Problem to work on:
Reproduce exactly the lines from the line containing "The green metal cylinder changes" through the end of the records below, including both ends, and nothing else.

#### Study material

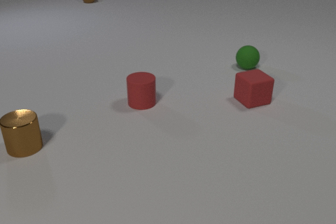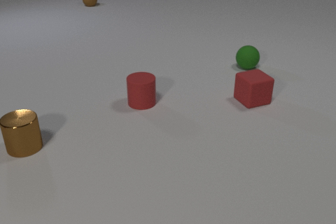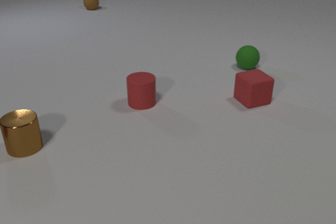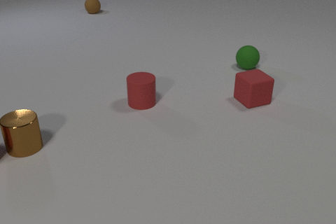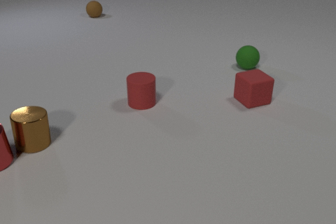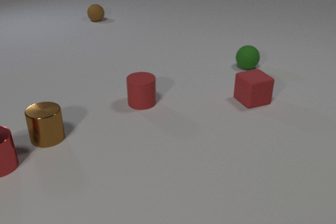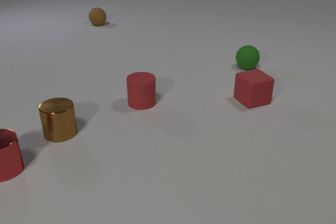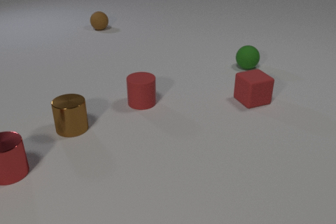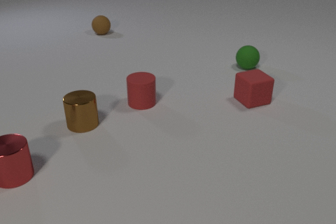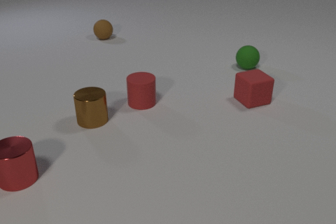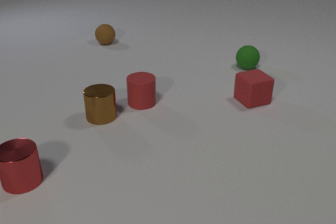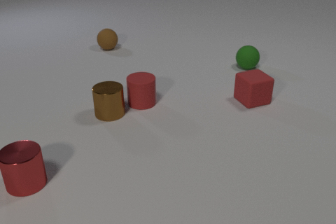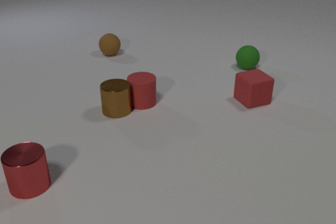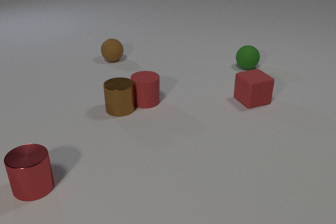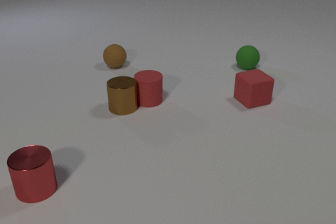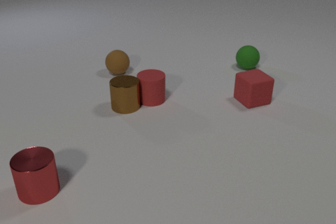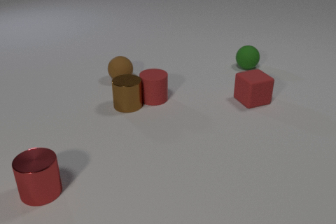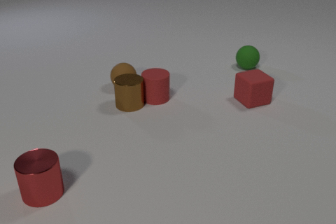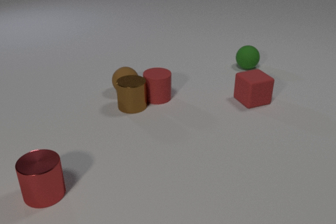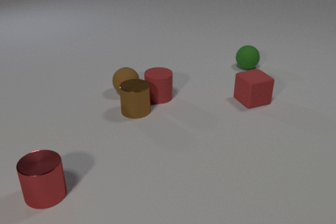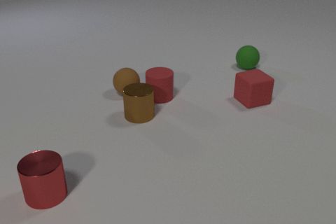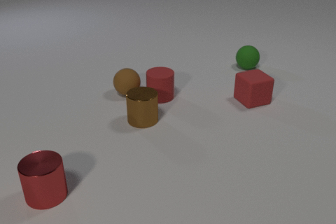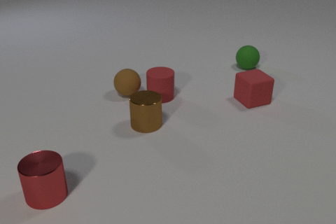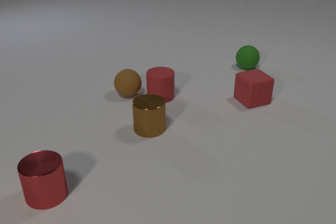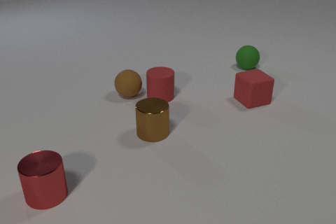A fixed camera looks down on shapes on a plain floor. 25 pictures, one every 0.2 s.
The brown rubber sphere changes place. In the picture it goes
toward the camera.
The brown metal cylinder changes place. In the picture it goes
to the right.
0.0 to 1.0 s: The red metal cylinder comes in at the left edge, slides toward the camera and to the right. The brown metal cylinder slides to the right and away from the camera. The brown rubber sphere rolls toward the camera. The red metal cylinder and the brown metal cylinder collide.
1.0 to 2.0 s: The red metal cylinder slides toward the camera and to the right. The brown metal cylinder slides to the right and away from the camera. The brown rubber sphere rolls toward the camera.
2.0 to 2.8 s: The red metal cylinder slides toward the camera and to the right. The brown metal cylinder slides to the right and away from the camera. The red rubber cylinder slides to the right. The brown rubber sphere rolls toward the camera. The brown metal cylinder and the red rubber cylinder collide.
2.8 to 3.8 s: The red metal cylinder slides toward the camera and to the right. The brown metal cylinder slides to the right and toward the camera. The red rubber cylinder slides to the right and away from the camera. The brown rubber sphere rolls toward the camera. The brown metal cylinder and the brown rubber sphere collide.
3.8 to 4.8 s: The brown metal cylinder slides toward the camera. The brown rubber sphere rolls toward the camera.
What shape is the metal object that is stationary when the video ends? cylinder.
Are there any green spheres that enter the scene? no.
What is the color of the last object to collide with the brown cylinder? brown.
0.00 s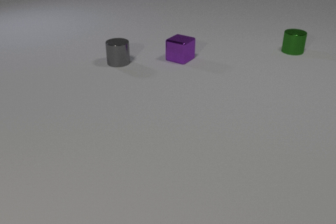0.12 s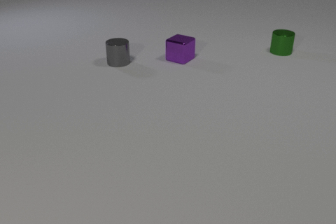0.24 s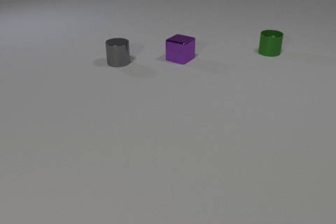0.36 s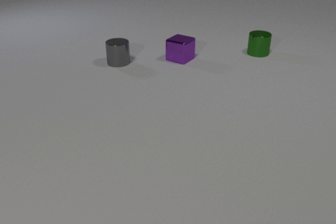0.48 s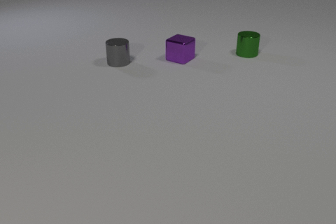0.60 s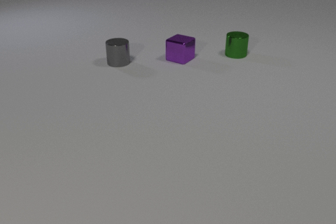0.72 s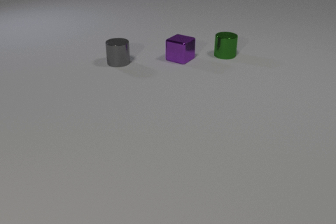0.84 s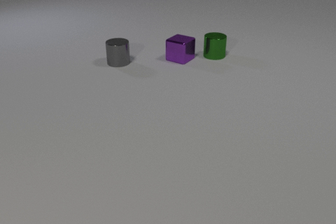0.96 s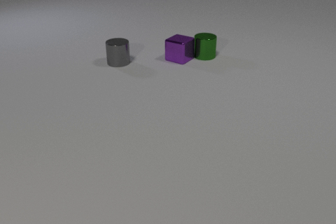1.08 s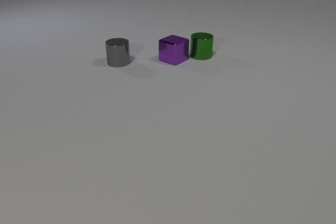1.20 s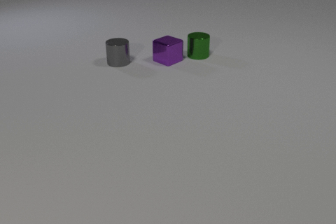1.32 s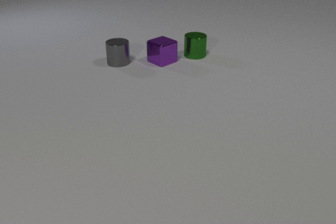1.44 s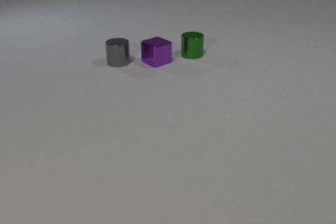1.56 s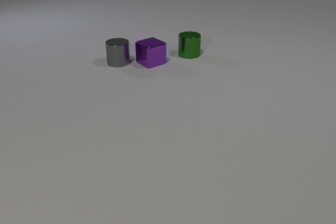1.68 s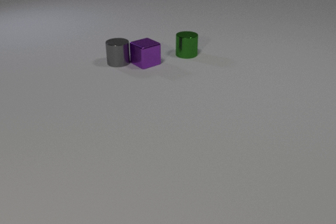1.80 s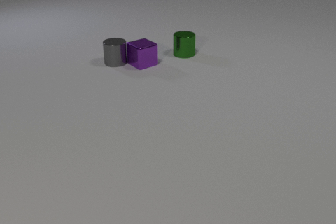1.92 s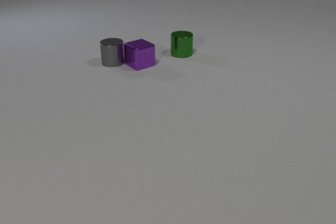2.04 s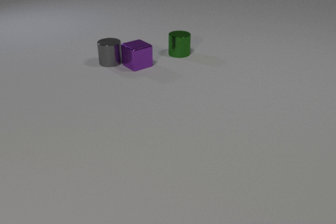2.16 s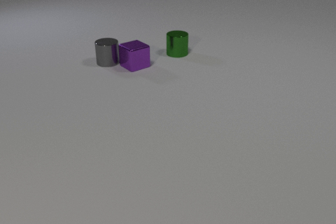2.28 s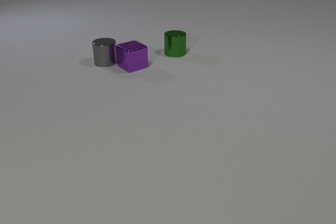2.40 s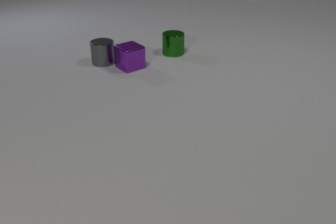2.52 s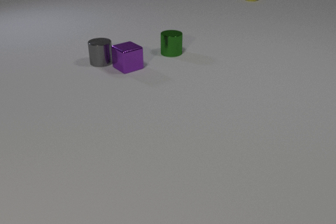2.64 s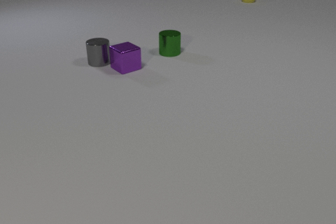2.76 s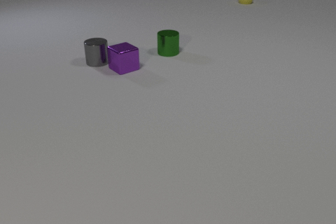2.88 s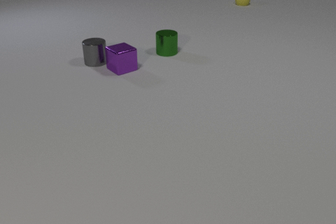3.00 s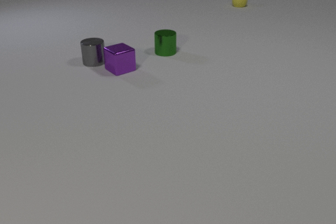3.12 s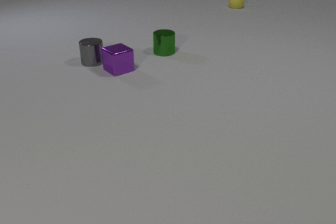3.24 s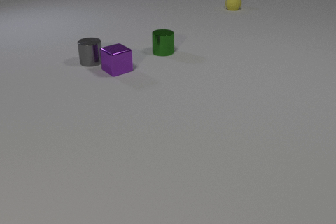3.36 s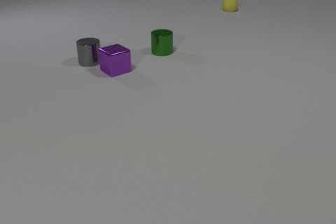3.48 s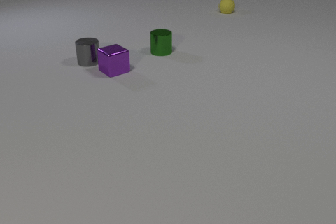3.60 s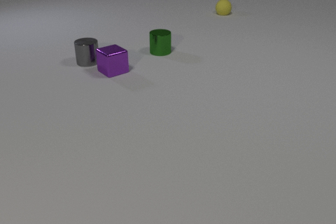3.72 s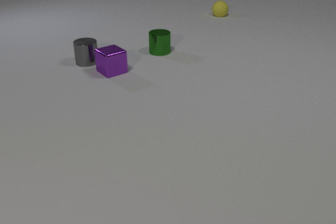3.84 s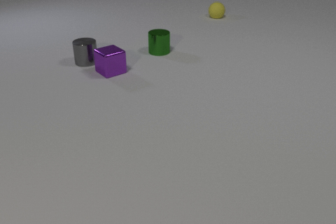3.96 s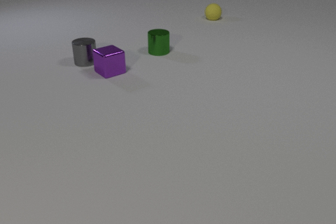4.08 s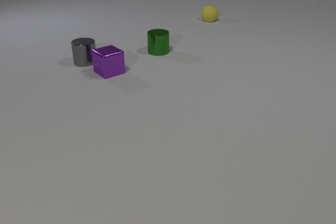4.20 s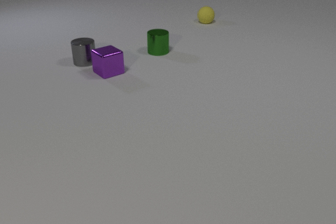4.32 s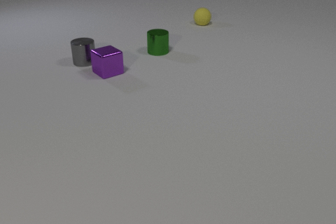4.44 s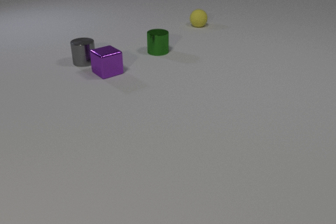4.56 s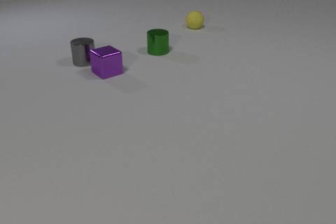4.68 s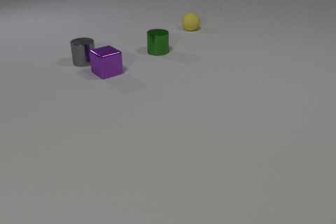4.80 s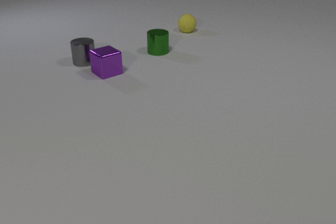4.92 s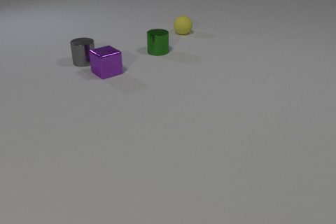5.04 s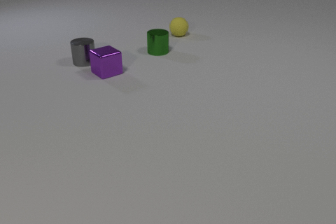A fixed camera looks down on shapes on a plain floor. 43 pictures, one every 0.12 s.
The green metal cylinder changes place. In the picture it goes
to the left.
The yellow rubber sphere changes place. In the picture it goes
toward the camera.
0.00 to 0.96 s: The green metal cylinder slides to the left. The green metal cylinder and the purple metal cube collide.
0.96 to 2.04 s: The green metal cylinder slides to the left. The purple metal cube slides to the left. The gray metal cylinder slides to the left. The purple metal cube and the gray metal cylinder collide.
2.04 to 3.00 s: The green metal cylinder slides to the left. The purple metal cube slides to the left and toward the camera. The yellow rubber sphere comes in at the top edge, rolls toward the camera and to the left. The gray metal cylinder slides to the left.
3.00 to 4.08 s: The green metal cylinder slides to the left. The purple metal cube slides to the left and toward the camera. The yellow rubber sphere rolls toward the camera and to the left. The gray metal cylinder slides to the left.
4.08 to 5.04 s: The yellow rubber sphere rolls toward the camera and to the left.
What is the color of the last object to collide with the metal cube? gray.
How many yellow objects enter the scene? 1.
How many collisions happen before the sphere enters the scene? 2.

########

Answer to this problem:
The green metal cylinder changes place. In the picture it goes
to the left.
The yellow rubber sphere changes place. In the picture it goes
toward the camera.
0.00 to 0.96 s: The green metal cylinder slides to the left. The green metal cylinder and the purple metal cube collide.
0.96 to 2.04 s: The green metal cylinder slides to the left. The purple metal cube slides to the left. The gray metal cylinder slides to the left. The purple metal cube and the gray metal cylinder collide.
2.04 to 3.00 s: The green metal cylinder slides to the left. The purple metal cube slides to the left and toward the camera. The yellow rubber sphere comes in at the top edge, rolls toward the camera and to the left. The gray metal cylinder slides to the left.
3.00 to 4.08 s: The green metal cylinder slides to the left. The purple metal cube slides to the left and toward the camera. The yellow rubber sphere rolls toward the camera and to the left. The gray metal cylinder slides to the left.
4.08 to 5.04 s: The yellow rubber sphere rolls toward the camera and to the left.
What is the color of the last object to collide with the metal cube? gray.
How many yellow objects enter the scene? 1.
How many collisions happen before the sphere enters the scene? 2.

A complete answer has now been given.